Tom closed his eyes. He was vaguely aware of something intrusive in his good arm. He tried to find it but he couldn’t move his other arm. He retreated into a star-filled sky.

‘Why did you come to Spain?’ Tom asked Dr Norman Bethune from Montreal when he next stood at his bedside.

‘I needed a war,’ Bethune said. ‘To see if I can save lives in the next one.’

‘Which next one would that be?’

‘The one we’re rehearsing for,’ said Bethune who was taking refrigerated blood to the front line instead of waiting for haemorrhaging casualties to reach hospitals. ‘How are you feeling?’

‘I wouldn’t want to go three rounds with Braddock but I’m okay, I guess. Whose blood have I got inside me?’ He jerked his head at the pipe protruding from his arm.

‘God knows. Good blood by the look of you. Maybe you owe your life to a priest.’

‘Don’t tell the commissar that,’ Tom said. ‘Are these all your patients?’ He pointed at the broken and bandaged patients lying on an assortment of beds in the stone-floored dining hall of the monastery.

‘A few, those with colour in their cheeks. I gave the first transfusion at the front on 23 December last year. Remember that date: maybe it will be more important than the date the war broke out.’

Tom raised himself on his pillow, then said abruptly, ‘When can I fly again?’

‘When your arm’s mended. You broke it a few days ago. Right?’

‘I got shot down.’

‘And later you must have fallen. And when you fell you turned a simple fracture into a compound fracture and a splinter of bone penetrated an artery and the haemorrhage became a deluge.’

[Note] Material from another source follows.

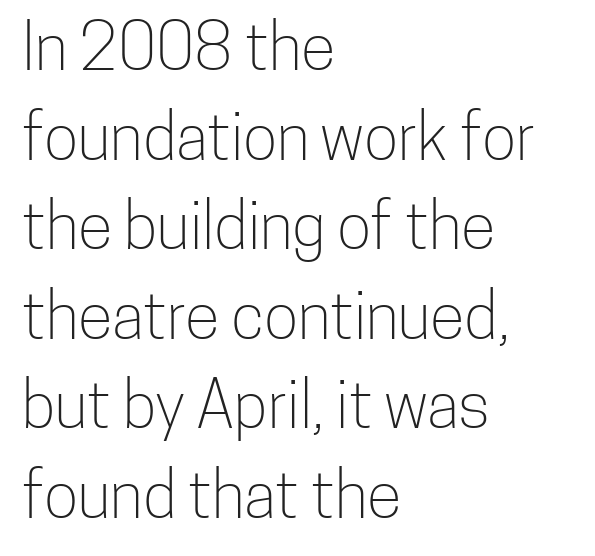
No extra ink here — the face is not bold. No word sits above an underline. The rendering shows plain stroke endings on the letterforms — a sans-serif design. Proportional: the letters do not fall into vertical columns. Inter-character spacing is left at the font's built-in metrics. Notice how the passage keeps a crisp vertical edge on the left only.
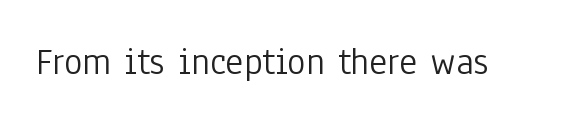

‘I can fly with my left hand.’

‘When your ribs are mended.’

‘Ribs?’

Bethune pointed at his chest. ‘They weren’t practising first-aid when they strapped you up.’

‘Shit,’ said Tom Canfield. ‘No pain though.’

‘Breathe in deeply.’

‘Shit,’ said Tom Canfield.

During the next five days Tom fell in love and learned how to acquire a fortune.

The girl’s name was Josefina. She was 18 and stern in the fashion of nurses, although sometimes the touch of her fingers was shy. She was a student nurse, qualified by war, and she came from a small coastal town astride the provinces of Valencia and Alicante.